1439570 - Run JS test suite on ARM64 hardware

Reporter

Description

•

7 years ago

Currently we run the JS test suite on the ARM64 simulator. The simulator is pretty good, but there are aspects of the hardware it does not simulate accurately (atomics; instruction cache non-coherence; fault handling; address space layout) and the first run of the test suite on hardware found bugs (bug 1430743), there are other bugs that have been observed on hardware as well. An ARM64 VM running on top of x64 hardware is not likely to be a substantial improvement over the simulator. We should therefore run tests on actual ARM64 hardware; just running the JS shell tests (js/src/tests, js/src/jit-tests; jsapi-tests) would be a good start. We should run multiple configurations but there's no Ion JIT so configs will be nonstandard (--no-baseline; --baseline-eager; defaults). We should run debug and release builds. The platform doesn't need to be Android; Linux should be OK for now. A Raspberry Pi 3 might be OK + is cheap but is slow; I use a SoftIron Overdrive 1000 dev system which is faster but more expensive and also runs OpenSUSE, which is somewhat painful.

(not currently active) Ted Mielczarek

Comment 1

•

7 years ago

This doesn't belong in the Build Config component, but I'm not sure where the right place to put it is, so I'm going to stick it in RelEng for now. Any solution involving physical hardware is probably not going to be tractable--we had Pandaboards (TI arm dev boards) racked in a datacenter years ago and they were quite the headache, and the useful lifespan of physical hardware just isn't that great. Even if we could acquire the several hundred to 1000+ machines we'd need to run tests that keep up with our CI volume, it would take us months to a year to get them installed and supported, and they'd almost certainly be obsolete within 2 years. That being said, there are several providers offering ARMv8 cloud computing: https://www.scaleway.com/armv8-cloud-servers/ https://www.packet.net/bare-metal/servers/type-2a/ are two I've seen before. Those both use Cavium ThunderX CPUs: https://cavium.com/product-thunderx-arm-processors.html If that would work for JS testing purposes then I think that's a thing we could do.

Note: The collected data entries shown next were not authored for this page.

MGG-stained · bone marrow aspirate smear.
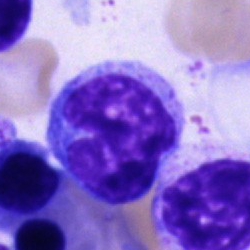

Specimen: bone marrow smear.
Classification: monocyte.
Lineage: myeloid.
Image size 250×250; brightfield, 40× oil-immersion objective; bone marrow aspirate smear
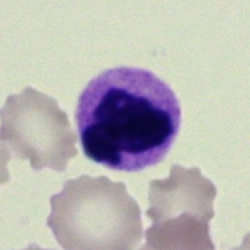

Q: Which cell type is shown here?
A: This is a polymorphonuclear neutrophil.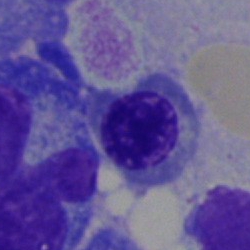

Q: What is shown here?
A: This is a nucleated red cell.
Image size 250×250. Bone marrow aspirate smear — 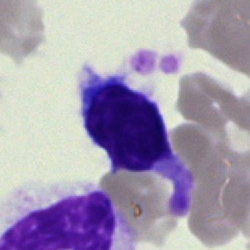
This is an artifact.
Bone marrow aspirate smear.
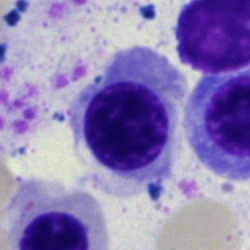 Specimen: bone marrow aspirate smear.
Classification: normoblast.
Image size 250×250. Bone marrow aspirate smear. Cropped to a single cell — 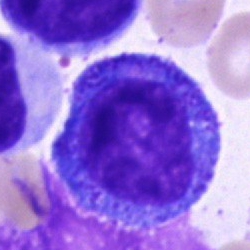This is a promyelocyte.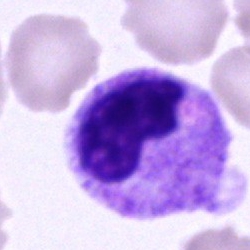 Q: What is the morphological classification of this cell?
A: This is a polymorphonuclear neutrophil.
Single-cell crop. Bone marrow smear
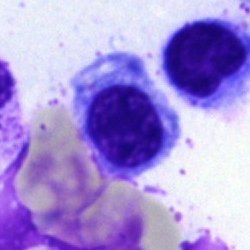

Showing a nucleated red blood cell.
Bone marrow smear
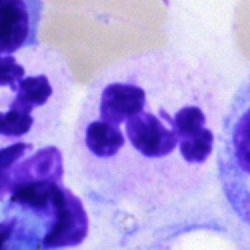
Showing a neutrophil (segmented).

Component: Build Config → Platform Support

Product: Core → Release Engineering

QA Contact: catlee

Lars T Hansen [:lth]

Reporter

Comment 2

•

7 years ago

Anything that runs on real hardware is fine; virtualization should not in itself be a hindrance, only emulation on top of another architecture.

Chris Peterson [:cpeterson]

Updated

•

7 years ago

Whiteboard: [geckoview:crow]

Gregory Szorc [:gps]

Comment 3

•

7 years ago

This feels like it will need Taskcluster platform support. Over to Coop for triage.

Flags: needinfo?(coop)

Chris Peterson [:cpeterson]

Comment 4

•

7 years ago

I'm talking to jmaher about our options for aarch64 cloud testing or real devices.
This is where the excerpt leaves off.